With the creation of the U.S. Highway System in 1926, the road between Reading and Lancaster was designated US 222 while the road between Reading and Allentown was part of US 22, which ran along what was designated the William Penn Highway in 1916 and PA 3 in 1924. In the late 1920s, US 222 briefly ran concurrent with PA 41 and PA 240 at different times. PA 42 originally ran north–south through Reading starting in 1927. By 1930, the concurrent state route designations were removed from US 222 and US 22. US 222 entered Reading along with PA 73 along Lancaster Avenue and Bingaman Street before turning north on 9th Street along with PA 83 to end at US 22 and US 422 at Penn Street. US 22 continued north on 9th Street out of Reading and continued along Kutztown Road through Temple toward Allentown. US 120 began at US 222 at Bingaman Street and headed north on 4th Street and Center Street out of Reading. In 1931, US 22 was moved to a more direct alignment between Harrisburg and Allentown, and US 222 was extended north along the former alignment between Reading and Allentown.

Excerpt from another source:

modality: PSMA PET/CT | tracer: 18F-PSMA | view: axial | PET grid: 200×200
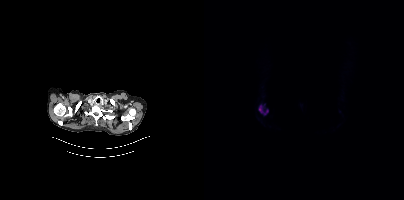
Coordinates are on the 200×200 PET (right) panel. PSMA-avid tumor lesion bounding box (x, y, width, height): x=54 y=104 w=11 h=12.

US 222 was shifted to use Lancaster Avenue, Bingaman Street, and 5th Street and 5th Street Highway through the Reading area in the 1930s, running concurrent with US 122 through downtown Reading. The US 122 and PA 73 concurrencies were removed by 1966. In 1975, US 222 was rerouted to bypass Reading on the West Shore Bypass and the Warren Street Bypass, with the former alignment through the city becoming US 222 Bus. In 1998, US 222 Bus. was extended north to its current terminus following the rerouting of US 222 to a new outer bypass of Reading. The business route was extended south to its current endpoint in 2004 with the completion of the US 222 freeway south of Reading to Mohnton.